Da das VR-Erlebnis individuell begleitet wird, ist eine Teilnahme nur nach vorheriger Buchung eines Zeitslots möglich. Das VR-Erlebnis findet im Foyer der Zentralbibliothek am Hubland statt.

Die Termine im Einzelnen:
Vom 29.09. bis 02.10.2022 jeweils von 9:00 bis 16:00 Uhr und am 30.11.2022 von 9:00 bis 18:00 Uhr. Buchung der Zeitslots ist möglich über WhatsApp: 0046-707321980, oder per E-Mail:
yafa.shanneik@ctr.lu.se

Kuratorin der Ausstellung und Leiterin des Forschungsprojekts

Prof. Dr. Yafa Shanneik ist Alumna der Universität Würzburg und Dozentin für Islamwissenschaft an der Universität Birmingham in Großbritannien.
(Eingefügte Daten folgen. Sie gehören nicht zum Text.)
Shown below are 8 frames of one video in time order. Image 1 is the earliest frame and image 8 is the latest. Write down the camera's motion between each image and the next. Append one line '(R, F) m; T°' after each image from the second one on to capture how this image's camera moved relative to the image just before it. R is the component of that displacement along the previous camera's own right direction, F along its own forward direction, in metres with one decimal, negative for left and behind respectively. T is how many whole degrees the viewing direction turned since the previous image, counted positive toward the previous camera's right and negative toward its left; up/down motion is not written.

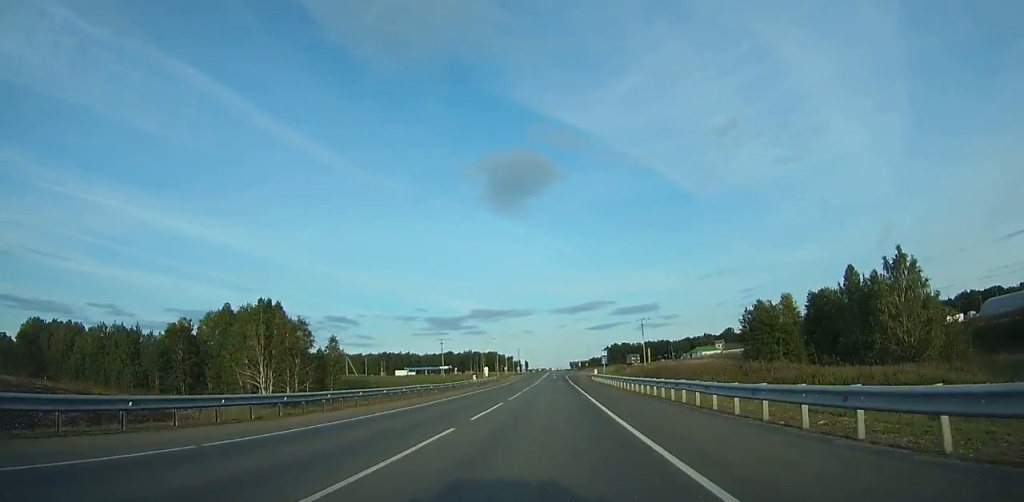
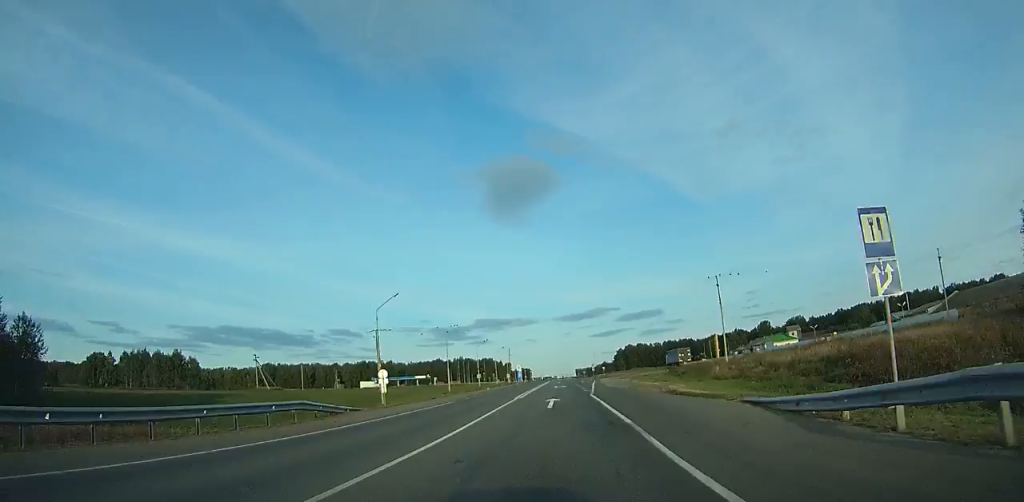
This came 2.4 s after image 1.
(+0.2, +68.3) m; 0°
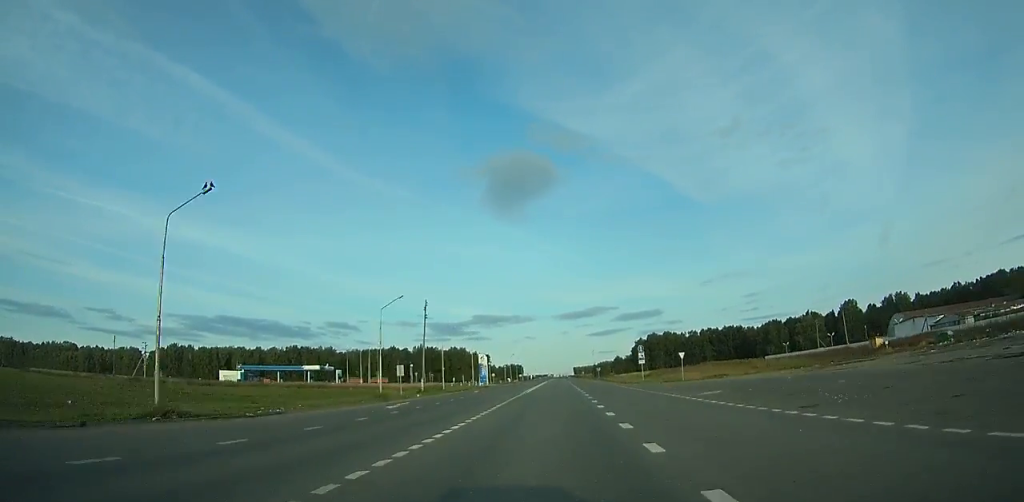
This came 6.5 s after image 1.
(-0.3, +114.4) m; 0°
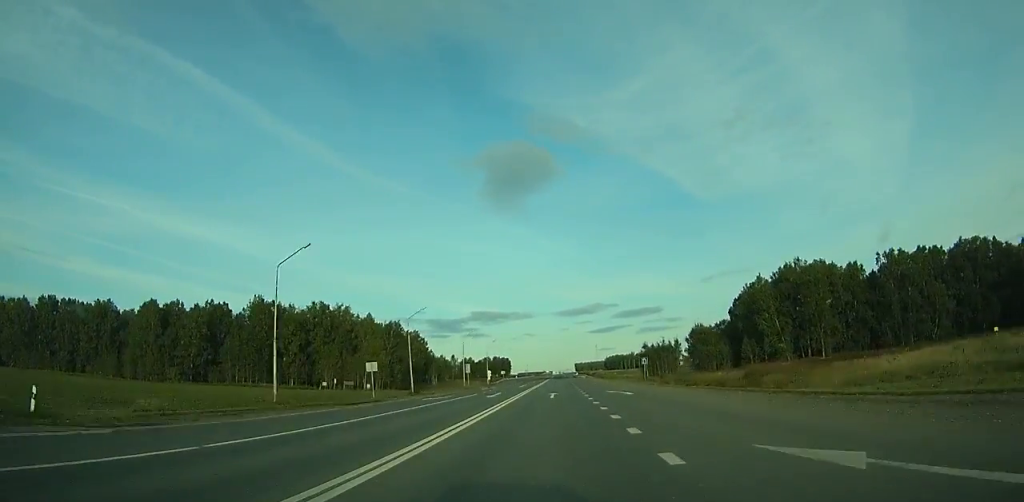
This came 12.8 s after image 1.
(-0.5, +178.1) m; 0°
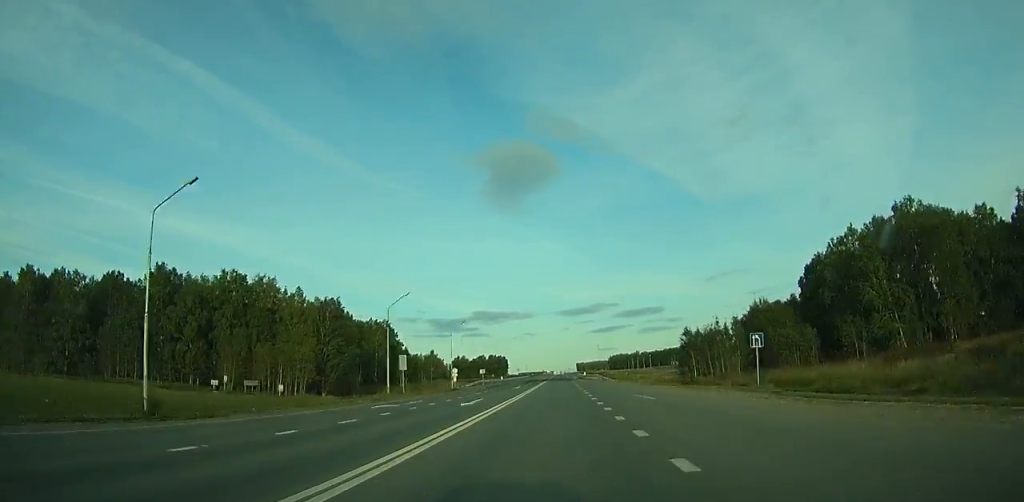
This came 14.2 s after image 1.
(0.0, +40.0) m; 0°
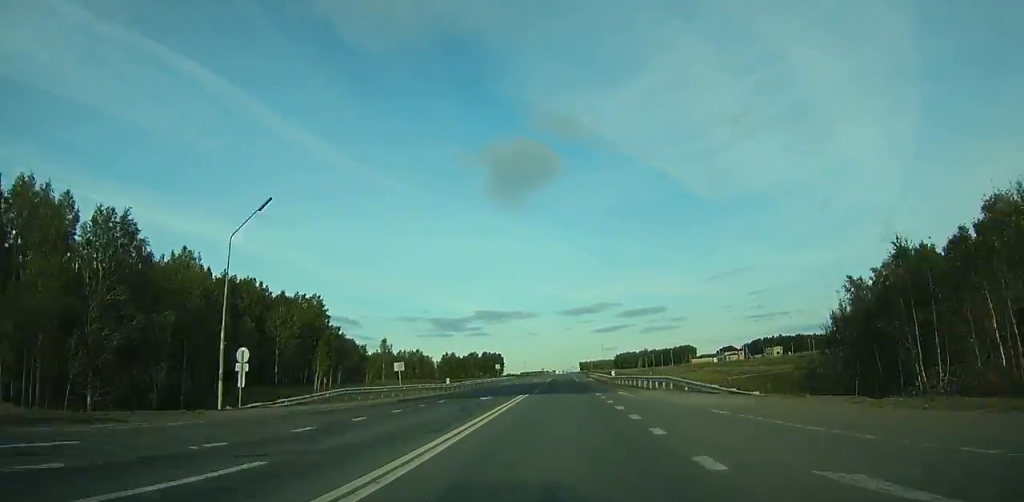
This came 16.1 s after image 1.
(+0.2, +54.4) m; 0°
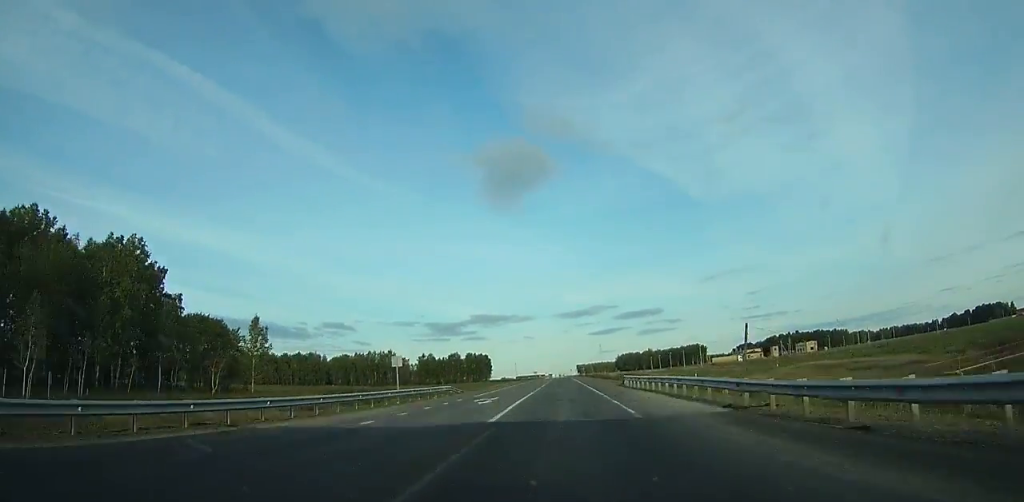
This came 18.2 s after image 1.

Zurzeit hat sie eine Gastprofessur an der Lund Universität in Schweden inne. In ihrer Forschung beschäftigt sie sich mit den Verbindungen zwischen Gender und Migration im zeitgenössischen Islam. Ihr besonderes Interesse liegt dabei auf transnationale Verbindungen und Netzwerke muslimischer Frauen zwischen Europa und dem Nahen Osten. Prof. Dr. Shanneik unternahm dabei ethnographische Forschung in verschiedenen Ländern des Nahen Ostens (Iran, Kuwait, Bahrain und Jordanien) und Europas (Deutschland, Großbritannien und Schweden).